The Geek Feminist Revolution by Kameron Hurley

Author:Kameron Hurley
Language: eng
Format: epub
ISBN: 9780765386250
Publisher: Tom Doherty Associates


Public Speaking While Fat

My body has always been a place of battle.

When I was younger, it was personal, self-inflicted strife encouraged by schoolyard taunts of “water buffalo!” and “pig!” supplemented by family matriarchs who were permanently obsessed with the width of their own asses (and, very often, mine and that of my siblings) despite advanced degrees, working-class jobs that soon became high-powered ones, and increasing awards and honors.

Near-death helped me put my body project into perspective. Three or four hours of exercise a day to maintain a still pleasantly plump physique seemed overkill. Hating myself when death had been so close, now that I had a chronic illness, seemed the worst sort of irony. So I gave up hating myself. It was weirdly liberating.

But giving up on one’s self-inflicted angst does not magically erase the pressures of a society that hems you in from all sides.

I admit that looking at pictures of myself the last couple of years always involves a bit of dissonance. Since my first novel came out and I switched to a job that no longer requires me to bike into work every day, I have—as has happened to many writers—put on about seventy pounds. This is easy to forget when you work at home a lot and don’t go out much. There are perfectly good reasons for this gain, as my metabolism is superefficient; I come from a long line of overweight people with a host of immune disorders who could, however, survive famines quite well. Folks often ask me how I can hold down a day job, freelance, and write a book a year. The answer is quite simple: I roll out of bed and I write. I am sitting in bed, right before I go to sleep, and I am typing away. My life has become a constant war with deadlines, trying to maintain momentum during book releases.

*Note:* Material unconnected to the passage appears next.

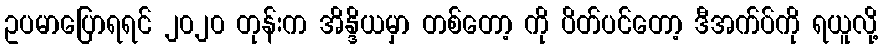
ဥပမာပြောရရင် ၂၀၂၀ တုန်းက အိန္ဒိယမှာ တစ်တော့ ကို ပိတ်ပင်တော့ ဒီအက်ပ်ကို ရယူလို့
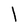
Character: l

I’ve worked at hacking the fitness of this—I’m writing this article right now from the comfort of my treadmill desk—but the hard-core two hours a day I used to do is just something I’m not able to do and still write the 1500 to 3000 words of fiction-related work and associated blog posts I do every day. I hope to find that balance eventually, but the last few years have been hard.

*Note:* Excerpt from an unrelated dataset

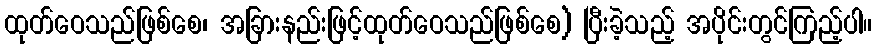
ထုတ်ဝေသည်ဖြစ်စေ၊ အခြားနည်းဖြင့်ထုတ်ဝေသည်ဖြစ်စေ) ပြီးခဲ့သည့် အပိုင်းတွင်ကြည့်ပါ။

The funny thing that people don’t get when they see me living it up at writing conventions is that I have, in fact, always been considered fat. From the time I was five years old, people told me I was fat. I was a size 14 in high school, and people told me I was fat. I was working out two hours a day when God’s War came out, eschewing ALL THE CARBS, and at 220 pounds, I was, of course, fat. And the thing is, when you’re fat at 220 pounds, you’re still fat at 290 pounds. There’s not a whole lot of societal difference. You maybe get hit on a little more at 220 than at 290, but that’s about it.